>>>>

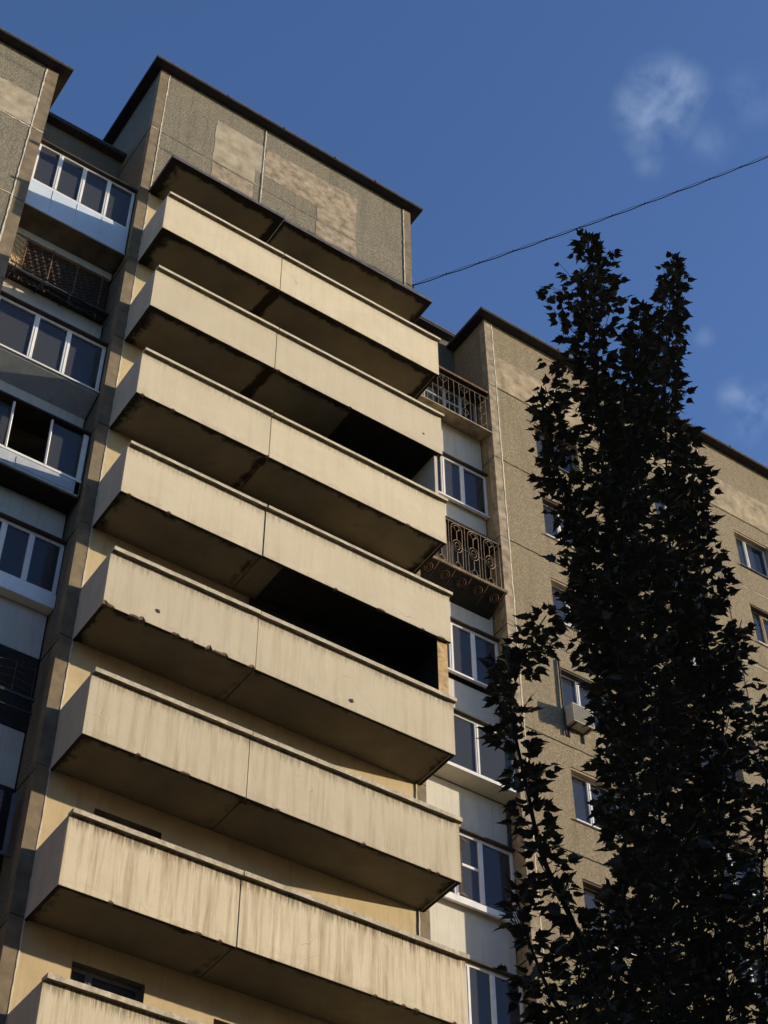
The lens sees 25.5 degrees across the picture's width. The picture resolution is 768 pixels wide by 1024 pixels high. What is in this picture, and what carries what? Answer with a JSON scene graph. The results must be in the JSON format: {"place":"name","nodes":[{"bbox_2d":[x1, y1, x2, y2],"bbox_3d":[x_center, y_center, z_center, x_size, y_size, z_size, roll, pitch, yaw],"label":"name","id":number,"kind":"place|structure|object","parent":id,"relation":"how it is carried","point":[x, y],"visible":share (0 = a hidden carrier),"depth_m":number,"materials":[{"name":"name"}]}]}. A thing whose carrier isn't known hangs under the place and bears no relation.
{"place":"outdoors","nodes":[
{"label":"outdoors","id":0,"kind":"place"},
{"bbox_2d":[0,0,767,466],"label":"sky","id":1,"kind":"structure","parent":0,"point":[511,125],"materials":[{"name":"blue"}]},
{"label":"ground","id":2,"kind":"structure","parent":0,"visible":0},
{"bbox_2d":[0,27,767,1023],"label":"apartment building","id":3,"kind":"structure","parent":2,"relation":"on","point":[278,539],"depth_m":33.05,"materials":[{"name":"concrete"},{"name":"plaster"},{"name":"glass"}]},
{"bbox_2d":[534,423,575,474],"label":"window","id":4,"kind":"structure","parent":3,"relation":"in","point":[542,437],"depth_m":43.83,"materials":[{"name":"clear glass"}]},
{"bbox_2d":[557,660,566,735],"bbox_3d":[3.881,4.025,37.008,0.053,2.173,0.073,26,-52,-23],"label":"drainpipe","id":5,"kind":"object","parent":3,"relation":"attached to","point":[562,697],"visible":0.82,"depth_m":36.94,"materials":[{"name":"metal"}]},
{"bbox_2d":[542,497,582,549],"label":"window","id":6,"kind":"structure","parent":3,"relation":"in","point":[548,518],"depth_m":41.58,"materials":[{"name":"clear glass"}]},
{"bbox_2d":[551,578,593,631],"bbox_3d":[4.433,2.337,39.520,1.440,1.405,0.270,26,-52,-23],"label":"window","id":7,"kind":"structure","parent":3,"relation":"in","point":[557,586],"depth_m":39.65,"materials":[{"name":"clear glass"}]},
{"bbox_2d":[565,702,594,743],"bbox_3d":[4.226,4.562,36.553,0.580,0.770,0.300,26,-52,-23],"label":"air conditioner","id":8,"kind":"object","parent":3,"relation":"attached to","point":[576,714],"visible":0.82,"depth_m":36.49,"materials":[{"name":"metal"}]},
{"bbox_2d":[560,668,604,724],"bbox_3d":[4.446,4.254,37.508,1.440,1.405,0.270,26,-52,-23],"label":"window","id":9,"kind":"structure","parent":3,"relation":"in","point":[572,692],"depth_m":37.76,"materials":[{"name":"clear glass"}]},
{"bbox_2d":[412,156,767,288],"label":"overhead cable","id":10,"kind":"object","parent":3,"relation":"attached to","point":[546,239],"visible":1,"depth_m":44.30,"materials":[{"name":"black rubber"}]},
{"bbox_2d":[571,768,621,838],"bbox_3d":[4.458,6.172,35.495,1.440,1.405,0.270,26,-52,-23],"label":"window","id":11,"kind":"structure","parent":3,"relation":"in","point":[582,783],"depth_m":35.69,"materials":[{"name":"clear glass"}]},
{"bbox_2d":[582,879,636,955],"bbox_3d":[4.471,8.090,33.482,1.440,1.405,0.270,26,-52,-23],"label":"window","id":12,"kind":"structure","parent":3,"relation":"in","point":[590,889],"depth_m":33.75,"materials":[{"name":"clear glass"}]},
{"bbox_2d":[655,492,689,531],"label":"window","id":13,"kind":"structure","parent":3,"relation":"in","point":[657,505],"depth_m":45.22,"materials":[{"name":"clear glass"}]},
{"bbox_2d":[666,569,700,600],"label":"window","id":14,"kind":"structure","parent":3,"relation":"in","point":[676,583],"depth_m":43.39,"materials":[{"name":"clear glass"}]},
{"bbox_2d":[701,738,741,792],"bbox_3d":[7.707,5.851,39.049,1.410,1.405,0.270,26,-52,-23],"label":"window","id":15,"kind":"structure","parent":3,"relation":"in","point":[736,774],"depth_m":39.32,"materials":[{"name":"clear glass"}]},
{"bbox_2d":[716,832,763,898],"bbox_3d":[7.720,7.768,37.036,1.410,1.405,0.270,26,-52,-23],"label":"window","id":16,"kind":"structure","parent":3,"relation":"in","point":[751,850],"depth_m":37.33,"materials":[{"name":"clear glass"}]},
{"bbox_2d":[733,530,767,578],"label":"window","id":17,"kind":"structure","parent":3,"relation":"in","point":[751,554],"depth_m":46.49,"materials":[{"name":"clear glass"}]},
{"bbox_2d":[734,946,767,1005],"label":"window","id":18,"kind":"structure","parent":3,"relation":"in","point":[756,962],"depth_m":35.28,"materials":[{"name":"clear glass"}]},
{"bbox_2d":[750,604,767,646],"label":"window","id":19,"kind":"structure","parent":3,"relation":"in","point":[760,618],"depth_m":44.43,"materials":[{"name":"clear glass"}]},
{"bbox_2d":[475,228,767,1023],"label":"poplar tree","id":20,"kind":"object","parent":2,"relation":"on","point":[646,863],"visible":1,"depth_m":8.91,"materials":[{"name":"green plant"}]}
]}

<<<<
>>>>

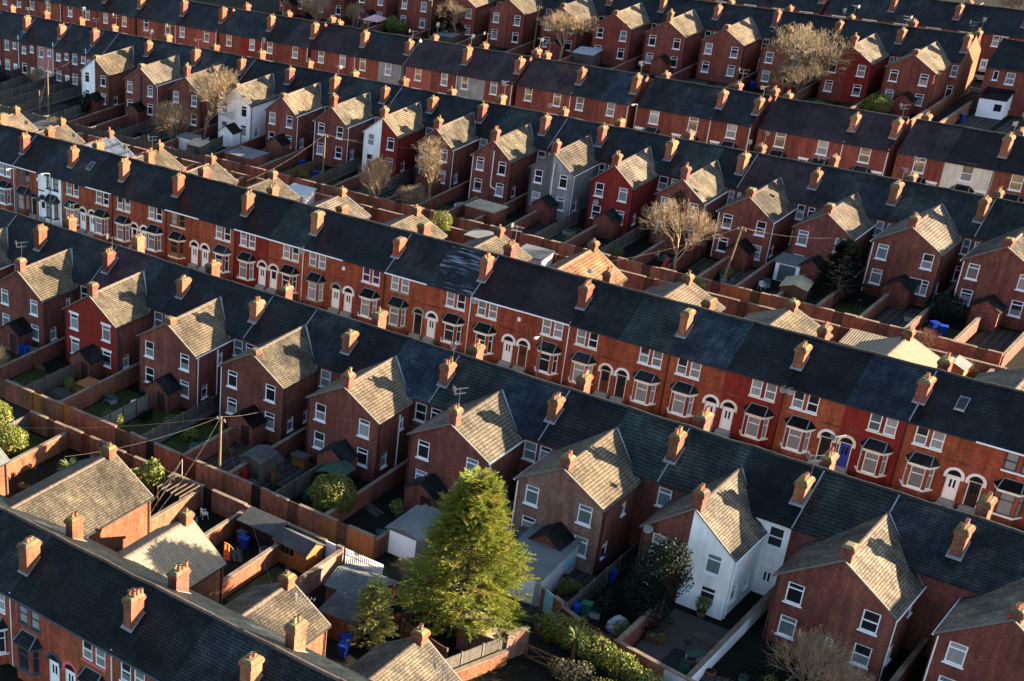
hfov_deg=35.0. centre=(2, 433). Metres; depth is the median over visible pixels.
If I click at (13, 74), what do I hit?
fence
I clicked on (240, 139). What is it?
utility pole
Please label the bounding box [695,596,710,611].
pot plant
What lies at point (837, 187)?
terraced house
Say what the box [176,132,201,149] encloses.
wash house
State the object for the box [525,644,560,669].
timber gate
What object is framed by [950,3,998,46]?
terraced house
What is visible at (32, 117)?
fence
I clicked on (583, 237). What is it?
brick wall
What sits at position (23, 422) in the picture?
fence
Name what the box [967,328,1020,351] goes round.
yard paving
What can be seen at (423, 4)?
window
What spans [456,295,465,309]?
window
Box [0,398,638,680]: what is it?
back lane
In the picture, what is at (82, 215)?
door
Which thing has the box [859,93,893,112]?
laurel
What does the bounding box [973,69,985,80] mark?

<<<<

* Activity *
Look above for the line holding "What is visible at (32, 117)?" and the line holding "What does the", then output exactly those two lines and every line between them, nothing more.

* Final answer *
What is visible at (32, 117)?
fence
I clicked on (583, 237). What is it?
brick wall
What sits at position (23, 422) in the picture?
fence
Name what the box [967,328,1020,351] goes round.
yard paving
What can be seen at (423, 4)?
window
What spans [456,295,465,309]?
window
Box [0,398,638,680]: what is it?
back lane
In the picture, what is at (82, 215)?
door
Which thing has the box [859,93,893,112]?
laurel
What does the bounding box [973,69,985,80] mark?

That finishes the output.